If companies at Meta’s scale and margin profile are feeling it, the effect on smaller AI-native software vendors with thinner unit economics and less pricing power hits harder. The infrastructure decisions that individual companies made in 2023 and 2024 are going to produce very different income statements in 2026 and 2027.

The vendors that invested in dynamic routing infrastructure are entering a period of increasing volume with a cost structure that improves as usage grows. The more conversations, transactions, or inferences they process, the more arbitrage opportunity they have across providers, and the more their per-unit cost tends to fall. The vendors that built on fixed LLM dependencies are entering the same period with a cost structure that can move in the opposite direction: as usage grows, so does exposure to provider pricing.

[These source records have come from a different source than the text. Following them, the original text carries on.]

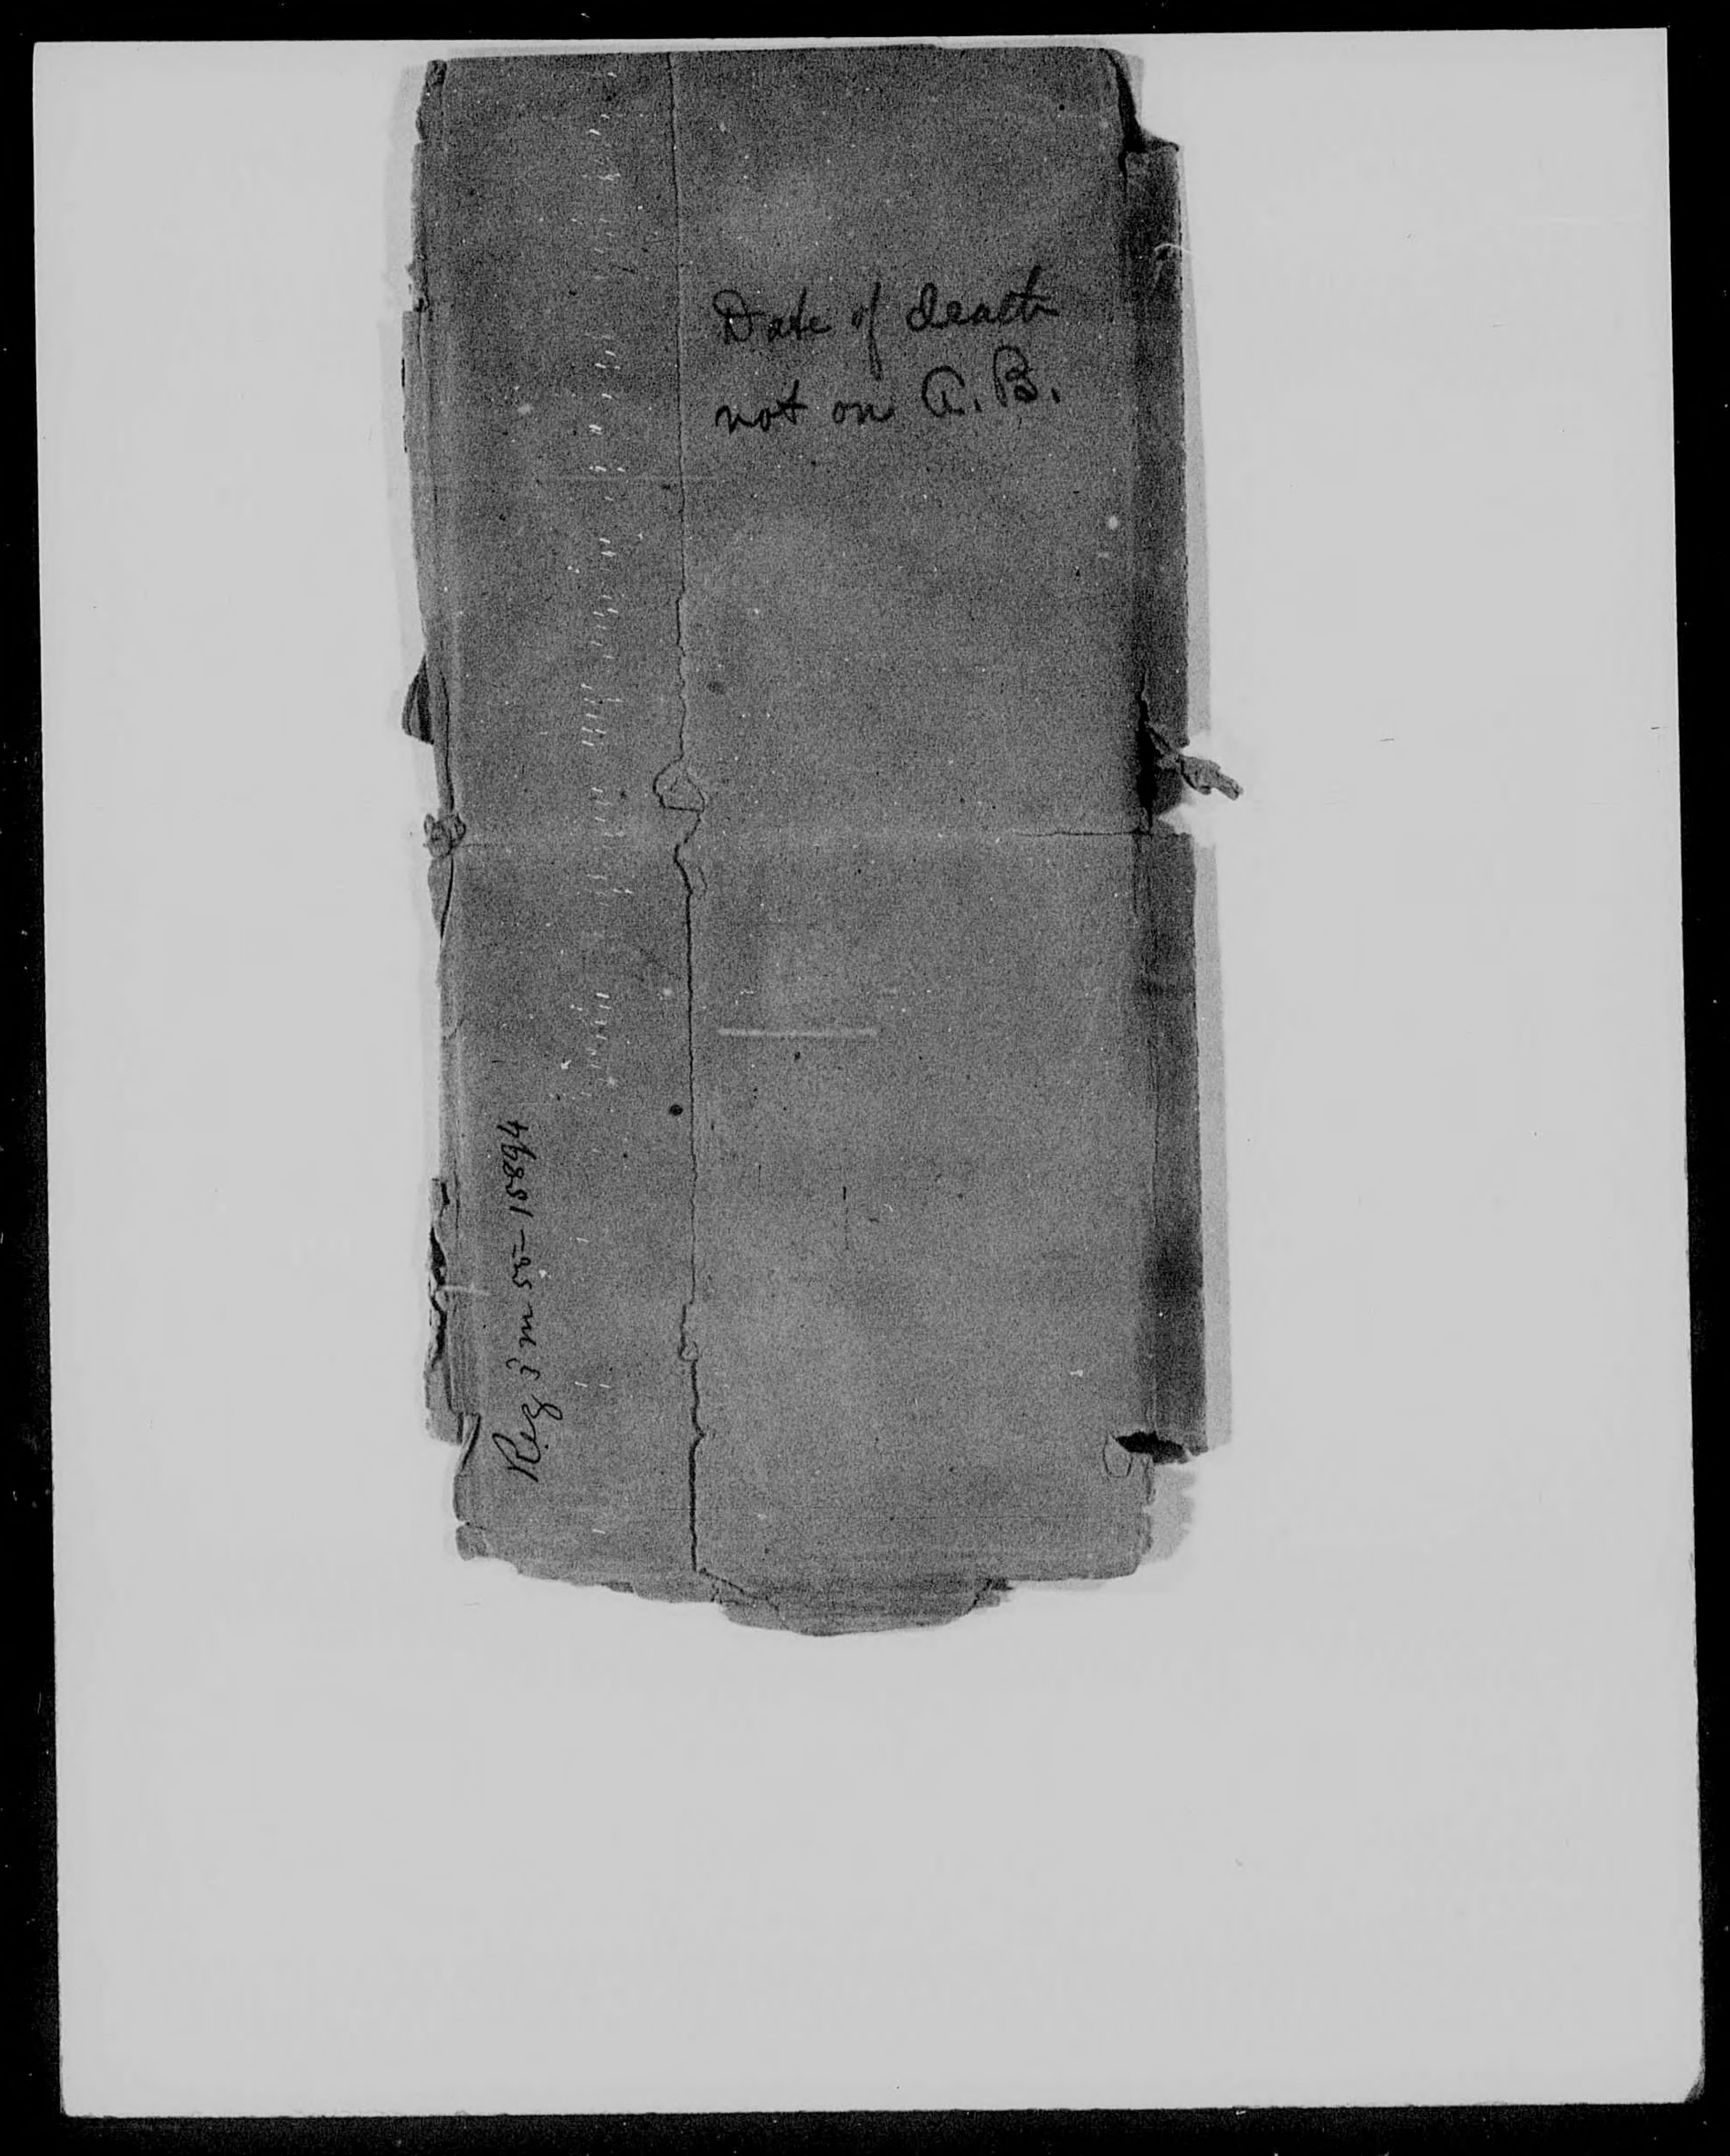Date of death
not on A. B.

Reg} m 55-18894

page: 77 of 92
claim: widow's
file: W 1173, Robert Hamill, Penn.

The conversational AI and AI agent sectors are facing this pressure most acutely because their core product is inference-heavy by design. Every customer interaction is a compute event.

A conversational AI company with a million active users is processing potentially hundreds of millions of inference calls per month. At that volume, a difference of a few cents per thousand tokens between a well-optimized routing architecture and a single-provider dependency translates directly into points of gross margin. At scale, those points determine whether a business compounds value or erodes it.

The enterprise software market has started scrutinizing AI vendors the way it once scrutinized industrial companies. Capital intensity, cost structure, and operating leverage now carry as much weight as logo count and net revenue retention.

For investors evaluating AI software companies in 2026, the useful questions are increasingly specific: What percentage of cost of goods sold is tied to third-party LLM inference? Does the architecture allow for dynamic provider routing, or is the product locked to a fixed model stack? Has gross margin been stable, expanding, or compressing as enterprise usage has scaled over the past four quarters?

Those questions do not appear in most equity research reports on AI software companies today. The repricing behavior now becoming visible across the industry suggests they probably should.